Focus Shift: Processing Grief Through Nature Photography

Grief.

Even the word itself is something that gives us discomfort, let alone having to ride out the waves of overwhelming emotions that come when one is mired in it.

Grief is complicated. It is so decidedly personal and yet, it is one of those binding human experiences that everyone will go through at some point in their lives. While we often associate it with a death, it is not something black and white that begins and ends with a physical loss but is instead a complex emotional process that can be tied to any significant life changes: illnesses, the ending of relationships or friendships, moving, the effect of divorce on children or any other period of upheaval in our life. How each of us processes and navigates grief is wholly different, for better and for worse, and despite being a universal human experience, grief is something we often shy away from talking about openly.

I am by no means an expert or authority on grief. I have experienced periods of grief in my life that led to long bouts of depression and anxiety and even with all of my experience in navigating and advocating for better mental health – for myself and for others – I admit that I still struggle, as we all do, with navigating the emotional rollercoaster that comes with loss and change. And as I write this, I am deep within grieving one of the toughest losses and periods I’ve ever experienced.

On October 11th, 2024 at approximately 1130pm, my dog Kwinn passed away peacefully in my arms. Kwinn was more than just my dog. She was my best friend, my photography adventure buddy and my reason for getting up each day. Her passing was not unexpected as she had been diagnosed with cancer 37 days before and the month before that had been exhibiting visual signs of the cancer. And as she approached the grand old age of 15, I’ve understood for the past couple of years that our time was soon coming to an end. But as prepared for the loss as I thought I was, the truth is, nothing can ever really prepare us for that moment and the ensuing, aching waves of grief that at times feel like they take our breath away.
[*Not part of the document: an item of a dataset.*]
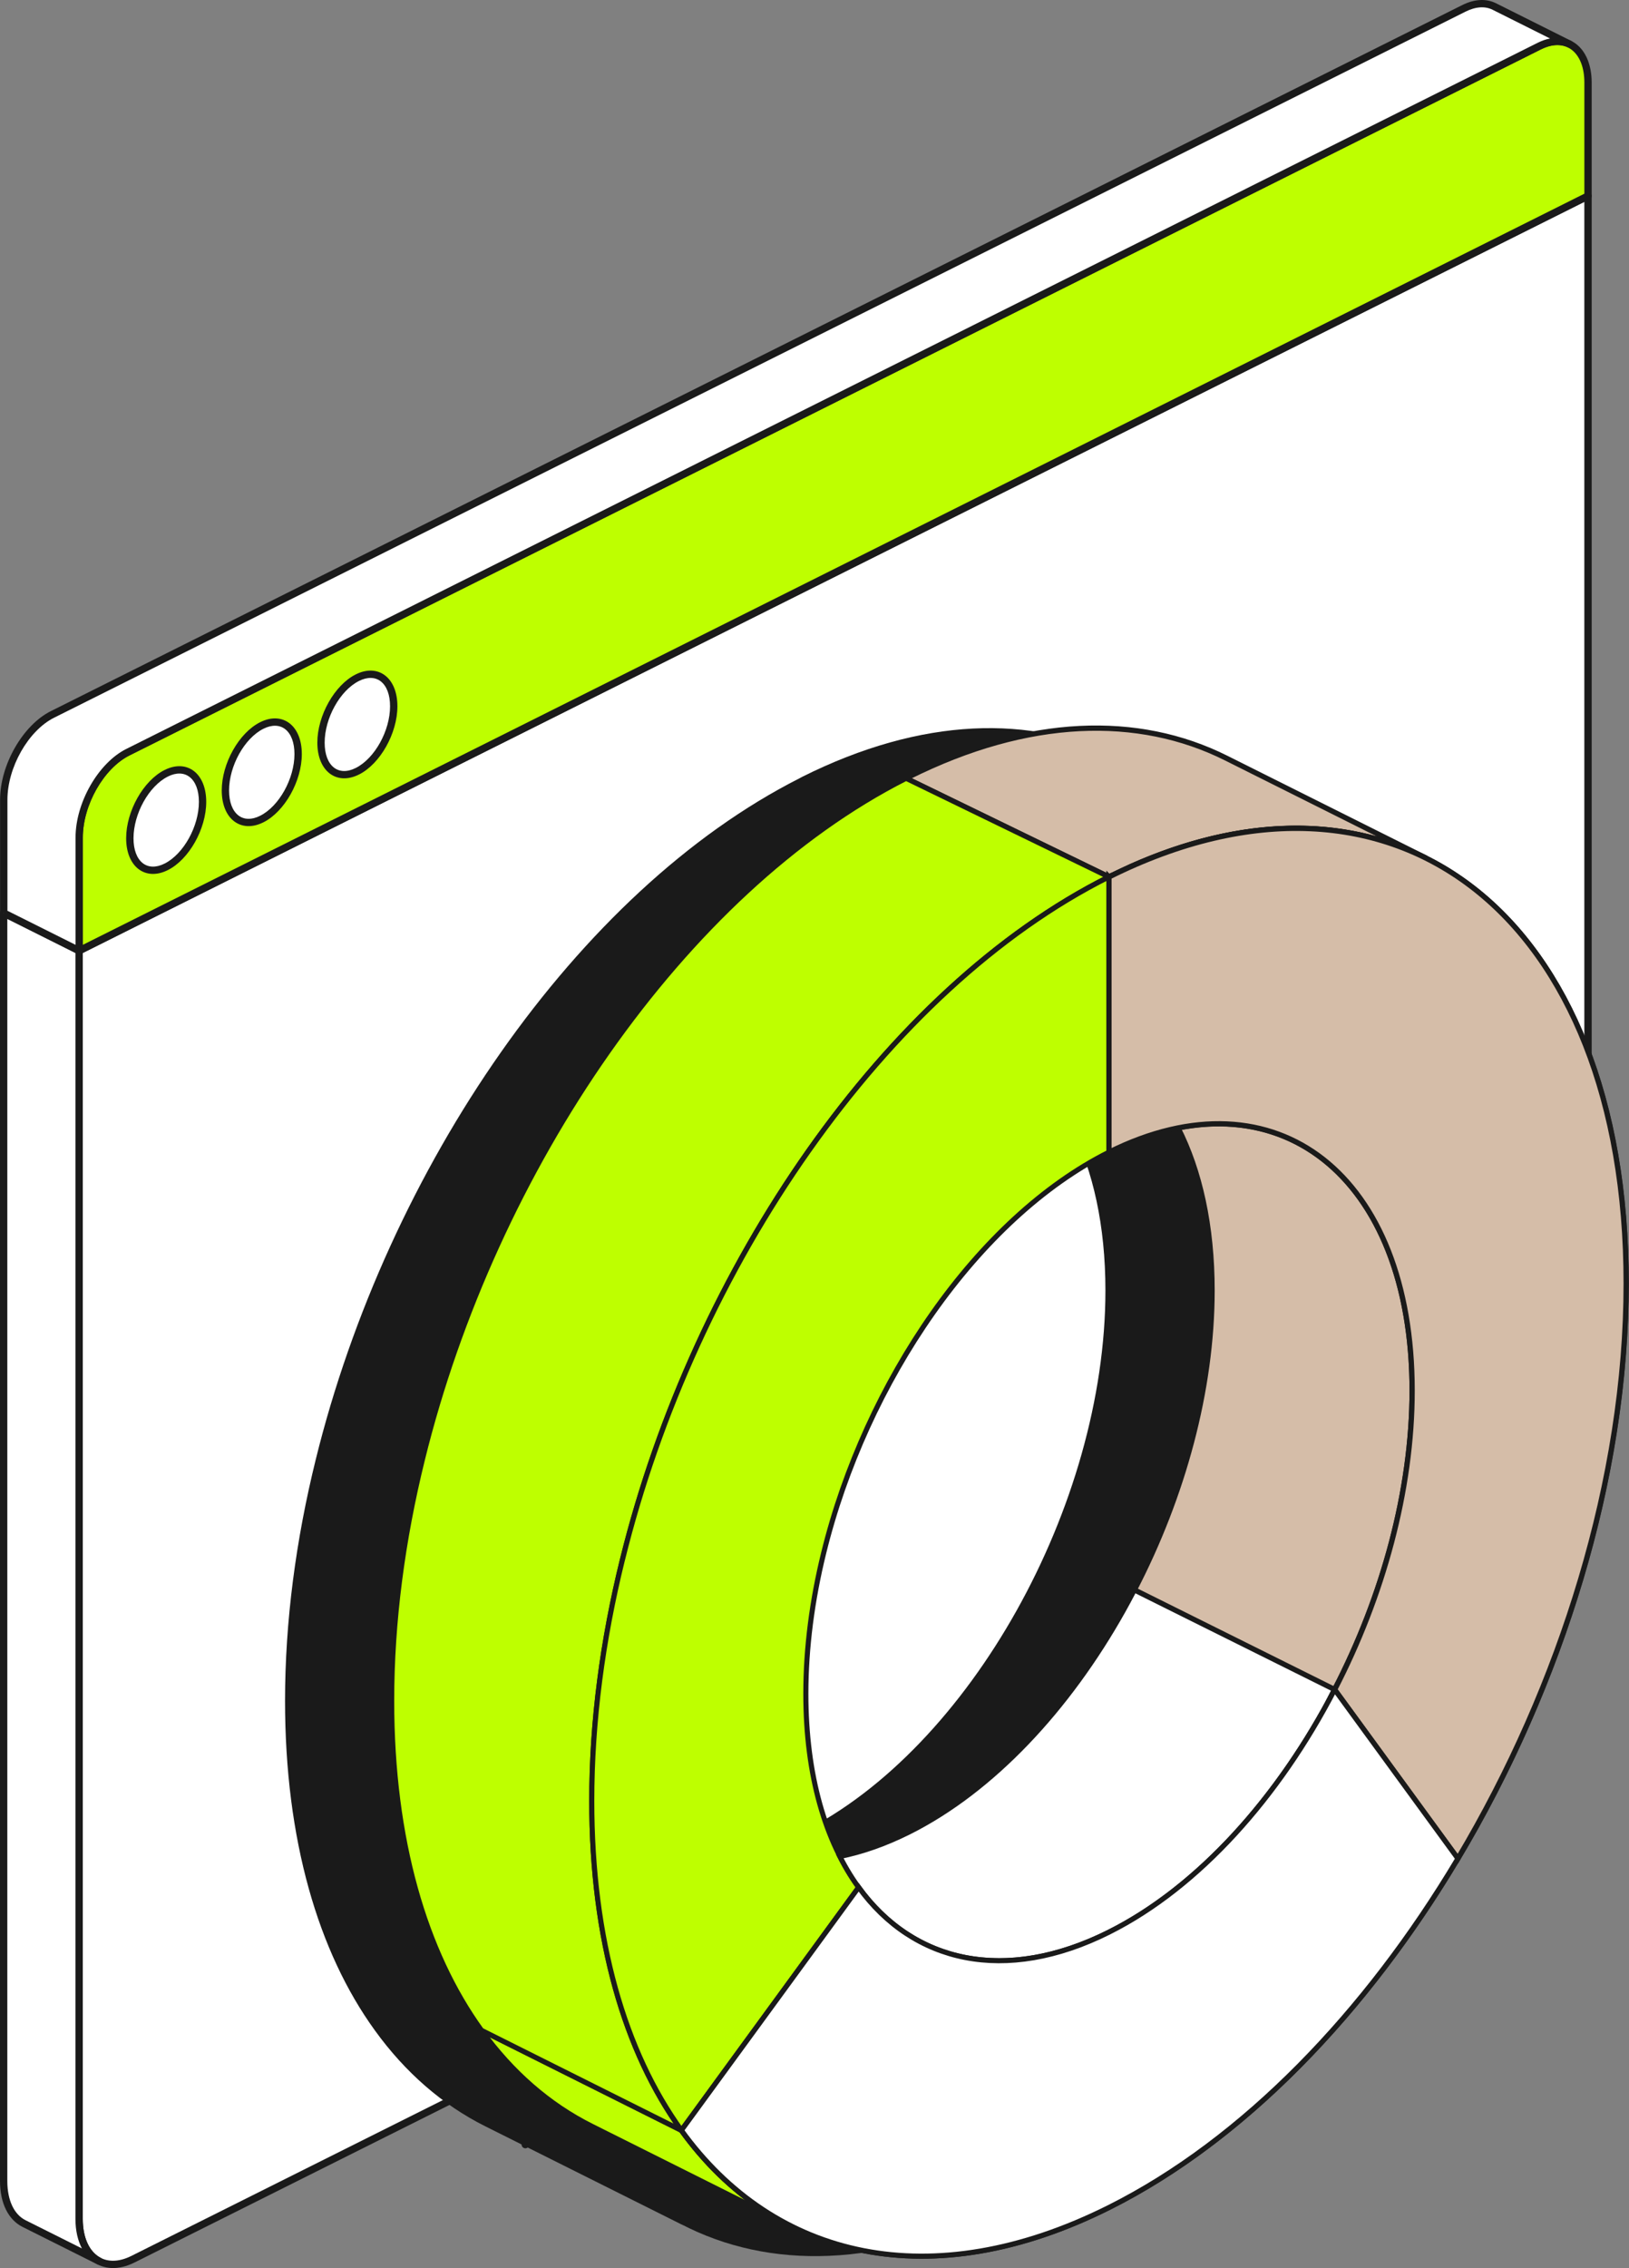 <svg xmlns="http://www.w3.org/2000/svg" width="263" height="366" viewBox="0 0 263 366" fill="none"><rect x="0" y="0" width="263" height="366" fill="#808080" stroke="none"/><path fill-rule="evenodd" clip-rule="evenodd" d="M256.382 31.619L12.773 153.42V358.046C12.773 364.043 16.668 366.971 21.472 364.566L247.689 251.458C252.487 249.059 256.382 242.242 256.382 236.238V31.619Z" fill="white"></path><path fill-rule="evenodd" clip-rule="evenodd" d="M174.597 136.378C188.931 132.043 202.072 132.999 213.034 138.474L180.731 122.323C166.586 115.25 148.814 115.708 129.527 125.351L129.076 125.594C93.138 143.795 62.54 188.591 50.972 235.544C47.766 248.524 46.02 261.671 46.02 274.468C46.02 296.86 51.364 314.995 60.509 327.631C65.426 334.448 71.447 339.668 78.323 343.112L110.626 359.263C110.395 359.15 110.169 359.026 109.937 358.901C124.189 366.335 142.223 366.027 161.83 356.229C207.915 333.183 245.331 266.368 245.331 207.112C245.331 153.444 214.643 124.27 174.591 136.372L174.597 136.378ZM118.393 299.574C114.878 292.662 112.883 283.796 112.883 273.339C112.883 265.881 113.892 258.215 115.751 250.65C122.532 222.967 140.613 196.542 161.824 185.937C165.66 184.019 169.389 182.73 172.976 182.018C176.485 188.936 178.469 197.801 178.469 208.246C178.469 242.978 156.539 282.14 129.521 295.649C125.691 297.567 121.968 298.861 118.387 299.58L118.393 299.574Z" fill="#1A1A1A"></path><path fill-rule="evenodd" clip-rule="evenodd" d="M256.976 31.619C256.976 31.411 256.869 31.227 256.697 31.12C256.524 31.013 256.305 31.001 256.121 31.09L12.518 152.892C12.316 152.993 12.191 153.195 12.191 153.42V358.046C12.191 361.27 13.284 363.657 14.976 364.928C16.71 366.229 19.097 366.419 21.739 365.094L247.956 251.986C252.926 249.504 256.976 242.45 256.976 236.238V31.619ZM255.794 32.575L13.367 153.788V358.052C13.367 360.819 14.222 362.897 15.677 363.99C17.09 365.053 19.043 365.124 21.205 364.043L247.421 250.935C252.053 248.619 255.788 242.034 255.788 236.244V32.575H255.794Z" fill="#1A1A1A"></path><path fill-rule="evenodd" clip-rule="evenodd" d="M0.6 147.328L12.778 153.42V358.052C12.778 361.49 14.055 363.913 16.05 364.91L3.871 358.818C1.882 357.82 0.6 355.398 0.6 351.959V147.328Z" fill="white"></path><path fill-rule="evenodd" clip-rule="evenodd" d="M3.593 359.334C1.443 358.254 0 355.665 0 351.953V147.328C0 147.12 0.107 146.93 0.279 146.823C0.451 146.716 0.671 146.704 0.855 146.793L13.034 152.886C13.236 152.987 13.361 153.189 13.361 153.414V358.046C13.361 361.199 14.477 363.455 16.306 364.376C16.478 364.465 16.597 364.631 16.627 364.821C16.656 365.011 16.585 365.207 16.442 365.338C16.258 365.504 15.997 365.546 15.777 365.433L3.598 359.34H3.593V359.334ZM1.182 148.278V351.953C1.182 355.107 2.298 357.363 4.127 358.283L13.224 362.832C12.559 361.567 12.179 359.952 12.179 358.046V153.782L1.182 148.284V148.278Z" fill="#1A1A1A"></path><path fill-rule="evenodd" clip-rule="evenodd" d="M256.382 13.347C256.382 7.914 252.855 5.277 248.508 7.445L20.647 121.378C16.3 123.552 12.773 129.721 12.773 135.149V153.42L256.382 31.619V13.347Z" fill="#BEFF00" stroke="#1A1A1A" stroke-width="0.82" stroke-miterlimit="10"></path><path fill-rule="evenodd" clip-rule="evenodd" d="M256.976 13.348C256.976 10.408 255.978 8.235 254.434 7.071C252.849 5.883 250.664 5.711 248.253 6.911L20.386 120.844C15.873 123.101 12.191 129.502 12.191 135.143V153.415C12.191 153.622 12.298 153.812 12.47 153.913C12.642 154.02 12.862 154.032 13.046 153.943L256.649 32.142C256.851 32.041 256.976 31.839 256.976 31.613V13.342V13.348ZM255.794 31.257V13.348C255.794 10.865 255.028 8.995 253.728 8.021C252.463 7.071 250.717 7.012 248.781 7.979L20.914 121.907C16.739 123.991 13.373 129.935 13.373 135.155V152.47L255.794 31.257Z" fill="#1A1A1A"></path><path fill-rule="evenodd" clip-rule="evenodd" d="M26.834 124.787C30.07 123.166 32.707 125.232 32.707 129.401C32.707 133.569 30.076 138.26 26.834 139.887C23.592 141.508 20.961 139.442 20.961 135.273C20.961 131.105 23.592 126.414 26.834 124.787Z" fill="white"></path><path fill-rule="evenodd" clip-rule="evenodd" d="M26.567 124.258C23.158 125.963 20.367 130.891 20.367 135.268C20.367 137.577 21.139 139.282 22.315 140.208C23.538 141.17 25.23 141.342 27.095 140.41C30.503 138.706 33.294 133.777 33.294 129.401C33.294 127.091 32.522 125.387 31.347 124.46C30.123 123.498 28.431 123.326 26.567 124.258ZM27.095 125.315C28.467 124.627 29.714 124.68 30.616 125.387C31.566 126.135 32.113 127.536 32.113 129.401C32.113 133.35 29.642 137.821 26.567 139.359C25.195 140.048 23.948 139.994 23.045 139.288C22.095 138.539 21.555 137.138 21.555 135.273C21.555 131.325 24.025 126.853 27.101 125.315H27.095Z" fill="#1A1A1A"></path><path fill-rule="evenodd" clip-rule="evenodd" d="M42.267 117.073C45.504 115.452 48.14 117.519 48.14 121.687C48.14 125.856 45.51 130.553 42.267 132.174C39.031 133.795 36.395 131.729 36.395 127.56C36.395 123.392 39.025 118.7 42.267 117.073Z" fill="white"></path><path fill-rule="evenodd" clip-rule="evenodd" d="M42 116.545C38.592 118.249 35.801 123.178 35.801 127.554C35.801 129.864 36.573 131.568 37.748 132.495C38.972 133.457 40.664 133.629 42.529 132.697C45.937 130.992 48.728 126.064 48.728 121.687C48.728 119.377 47.956 117.673 46.78 116.747C45.557 115.785 43.865 115.613 42 116.545ZM42.529 117.602C43.9 116.913 45.147 116.967 46.05 117.673C47 118.421 47.54 119.823 47.54 121.687C47.54 125.636 45.07 130.108 41.994 131.645C40.623 132.334 39.376 132.281 38.473 131.574C37.523 130.826 36.983 129.425 36.983 127.56C36.983 123.611 39.453 119.14 42.529 117.602Z" fill="#1A1A1A"></path><path fill-rule="evenodd" clip-rule="evenodd" d="M57.7 109.36C60.937 107.739 63.573 109.805 63.573 113.974C63.573 118.142 60.943 122.833 57.7 124.46C54.458 126.081 51.828 124.015 51.828 119.846C51.828 115.678 54.458 110.987 57.7 109.36Z" fill="white"></path><path fill-rule="evenodd" clip-rule="evenodd" d="M57.433 108.831C54.025 110.535 51.234 115.464 51.234 119.84C51.234 122.15 52.006 123.854 53.182 124.781C54.405 125.743 56.097 125.915 57.962 124.983C61.37 123.278 64.161 118.35 64.161 113.973C64.161 111.664 63.389 109.959 62.213 109.033C60.99 108.071 59.298 107.899 57.433 108.831ZM57.962 109.888C59.333 109.199 60.58 109.253 61.483 109.959C62.433 110.708 62.974 112.109 62.974 113.973C62.974 117.922 60.503 122.394 57.427 123.932C56.056 124.62 54.809 124.567 53.906 123.86C52.956 123.112 52.416 121.711 52.416 119.846C52.416 115.897 54.886 111.426 57.962 109.888Z" fill="#1A1A1A"></path><path fill-rule="evenodd" clip-rule="evenodd" d="M12.778 153.42L0.6 147.328V129.056C0.6 123.629 4.127 117.453 8.473 115.286L236.335 1.352C238.193 0.426 239.904 0.378 241.246 1.049L253.425 7.142C252.077 6.465 250.372 6.518 248.514 7.445L20.652 121.378C16.306 123.552 12.778 129.721 12.778 135.149V153.42Z" fill="white"></path><path fill-rule="evenodd" clip-rule="evenodd" d="M241.501 0.515H241.507L253.686 6.608C253.87 6.697 253.995 6.881 254.012 7.083C254.03 7.29 253.941 7.486 253.775 7.605C253.597 7.736 253.359 7.76 253.157 7.659C251.958 7.059 250.432 7.136 248.775 7.961L20.914 121.895C16.739 123.979 13.372 129.923 13.372 135.143V153.414C13.372 153.622 13.265 153.812 13.093 153.919C12.921 154.026 12.701 154.038 12.517 153.949L0.338 147.856H0.606V147.328H0.012V129.056C0.012 123.415 3.699 117.008 8.206 114.757L236.068 0.824C238.122 -0.203 240.01 -0.227 241.501 0.515ZM240.984 1.578C239.785 0.972 238.259 1.05 236.602 1.881L8.741 115.814C4.566 117.899 1.199 123.843 1.199 129.062V146.971L12.197 152.47V135.155C12.197 129.514 15.884 123.106 20.391 120.856L248.247 6.91C248.935 6.566 249.606 6.334 250.248 6.21L240.984 1.578Z" fill="#1A1A1A"></path><path fill-rule="evenodd" clip-rule="evenodd" d="M84.795 346.069L84.826 346.081C84.826 346.081 84.814 346.081 84.795 346.069Z" fill="white"></path><path fill-rule="evenodd" clip-rule="evenodd" d="M84.558 346.609H84.546C84.255 346.467 84.124 346.116 84.267 345.825C84.403 345.535 84.754 345.404 85.045 345.535L85.074 345.546C85.359 345.677 85.496 346.004 85.383 346.294C85.27 346.585 84.956 346.74 84.659 346.651L84.629 346.639C84.629 346.639 84.611 346.633 84.588 346.621L84.558 346.609ZM84.997 345.523L84.724 346.247L85.051 345.546C85.051 345.546 85.033 345.54 85.027 345.54L84.997 345.529V345.523Z" fill="#1A1A1A"></path><path fill-rule="evenodd" clip-rule="evenodd" d="M110.003 343.783C114.919 350.594 120.946 355.819 127.835 359.263L95.531 343.112C88.649 339.674 82.634 334.448 77.717 327.631L110.003 343.777V343.783Z" fill="#BEFF00" stroke="#1A1A1A" stroke-width="0.82" stroke-miterlimit="10"></path><path fill-rule="evenodd" clip-rule="evenodd" d="M146.284 125.594L146.735 125.351C166.022 115.708 183.795 115.25 197.939 122.323L230.242 138.474C216.983 131.847 200.54 131.835 182.637 139.804L179.039 141.508L146.284 125.594Z" fill="#D5BDA8" stroke="#1A1A1A" stroke-width="0.85" stroke-miterlimit="10"></path><path fill-rule="evenodd" clip-rule="evenodd" d="M138.63 304.556C147.448 316.717 162.263 320.191 179.038 311.8C206.051 298.291 227.986 259.13 227.986 224.398C227.986 189.666 206.074 172.452 179.038 185.943V141.509C225.141 118.481 262.539 147.88 262.539 207.118C262.539 266.356 225.124 333.189 179.038 356.235C150.357 370.575 125.032 364.608 110.002 343.777L138.624 304.562L138.63 304.556Z" fill="#BEFF00" stroke="#1A1A1A" stroke-width="0.82" stroke-miterlimit="10"></path><path fill-rule="evenodd" clip-rule="evenodd" d="M179.038 141.508L146.284 125.594C110.347 143.795 79.748 188.591 68.187 235.544C64.98 248.524 63.234 261.671 63.234 274.468C63.234 296.86 68.579 314.995 77.723 327.631L110.009 343.777C100.876 331.117 95.537 313 95.537 290.613C95.537 277.811 97.283 264.664 100.49 251.683C112.105 204.541 142.905 159.566 179.038 141.497V141.508Z" fill="#BEFF00" stroke="#1A1A1A" stroke-width="0.82" stroke-miterlimit="10"></path><path fill-rule="evenodd" clip-rule="evenodd" d="M100.49 251.689C97.283 264.67 95.538 277.823 95.538 290.619C95.538 313 100.876 331.123 110.015 343.771L138.636 304.55C133.25 297.145 130.103 286.498 130.103 273.333C130.103 265.875 131.113 258.209 132.971 250.644C139.752 222.961 157.834 196.536 179.045 185.931V141.497C142.911 159.566 112.105 204.535 100.496 251.683L100.49 251.689Z" fill="#BEFF00" stroke="#1A1A1A" stroke-width="0.82" stroke-miterlimit="10"></path><path fill-rule="evenodd" clip-rule="evenodd" d="M190.184 182.006C211.835 177.671 227.986 194.589 227.986 224.398C227.986 259.13 206.057 298.291 179.039 311.8C160.15 321.242 143.749 315.666 135.59 299.58C139.17 298.861 142.9 297.567 146.736 295.649C173.748 282.14 195.683 242.978 195.683 208.246C195.683 197.795 193.694 188.93 190.184 182.012V182.006Z" fill="white" stroke="#1A1A1A" stroke-width="0.82" stroke-miterlimit="10"></path><path fill-rule="evenodd" clip-rule="evenodd" d="M215.474 272.651C223.253 257.615 227.986 240.532 227.986 224.398C227.986 194.595 211.834 177.677 190.184 182.006C193.694 188.924 195.683 197.789 195.683 208.24C195.683 224.398 190.938 241.517 183.142 256.558L215.48 272.645L215.474 272.651Z" fill="#D5BDA8" stroke="#1A1A1A" stroke-width="0.85" stroke-miterlimit="10"></path><path d="M179.039 141.508V185.943C206.075 172.452 227.986 189.684 227.986 224.398C227.986 240.532 223.253 257.621 215.475 272.651L235.373 299.93C252.065 271.95 262.546 238.477 262.546 207.124C262.546 147.88 225.148 118.481 179.045 141.514L179.039 141.508Z" fill="#D5BDA8" stroke="#1A1A1A" stroke-width="0.85" stroke-miterlimit="10"></path><path d="M179.038 311.8C162.263 320.191 147.442 316.723 138.63 304.556L110.008 343.771C125.038 364.602 150.363 370.569 179.044 356.229C200.742 345.38 220.522 324.823 235.373 299.924L215.474 272.645C206.508 289.972 193.503 304.562 179.044 311.794L179.038 311.8Z" fill="white" stroke="#1A1A1A" stroke-width="0.82" stroke-miterlimit="10"></path></svg>

I am grateful to have family and friends and a strong support network to help me through this period. The outpouring of love I have received from those closest to me and even from strangers online who followed our adventures via social media has been a great comfort. I am also grateful for something else that has long helped me find my way through tough times: photography.

If you’ve followed my photography journey for any period of time, you’ll likely know that I talk a lot about the power of nature photography and the benefits it can have on our mental health, particularly stress, anxiety and depression. So too, can it be a powerful vehicle for working through the complexities of grief and channeling those emotions into art and/or periods of mindfulness and distraction.

And so too was it photography where I once again turned to help me navigate this loss, both before and after Kwinn passed.

I first discovered my interest in nature photography during a prolonged period of depression. While out walking my dogs in the ravine near my home, I started noticing the simple things in nature we often take for granted and began taking photos of them with my old iPhone 4. Before I knew it, I had purchased a top end DSLR and suite of lenses and soon found myself venturing further and further afield to capture the beauty of the world around me, engaging in mindful interactions with the landscape and, over time, feeling better and more grounded. If you’ve ever seen my talk, Nature Photography for Better Mental Health, you’ll have heard me say that “nature photography saved my life” and that is true…to a point.

The real truth is that it was my dogs that saved my life. It was my dogs that got me up every morning. It was my dogs that took me for walks when I needed them. It was my dogs that helped me discover photography. It was my dogs that gave me a purpose. It was my dogs that allowed me to feel loved. It was my dogs that needed me most. And it was my dogs that kept me here.

So when I lost my first pup, Kneesa, on August 5th, during the peak of the pandemic in 2020, I felt pain, loss and grief unlike anything I’d ever experienced before. I had had her since she was 8 weeks old and she had seen me through some of the worst periods of my depression, joined me on my journey into photography and had been there for some of the best moments of my life. The last thing I wanted to do was feel okay in the wake of her loss but the following day, my good friend Mark Jinks insisted we go chase a storm. So I packed up gear, rounded up my other pup, Kwinn, met up with Mark and for those few hours we were out, the pain wasn’t so consuming. The grief wasn’t so heavy.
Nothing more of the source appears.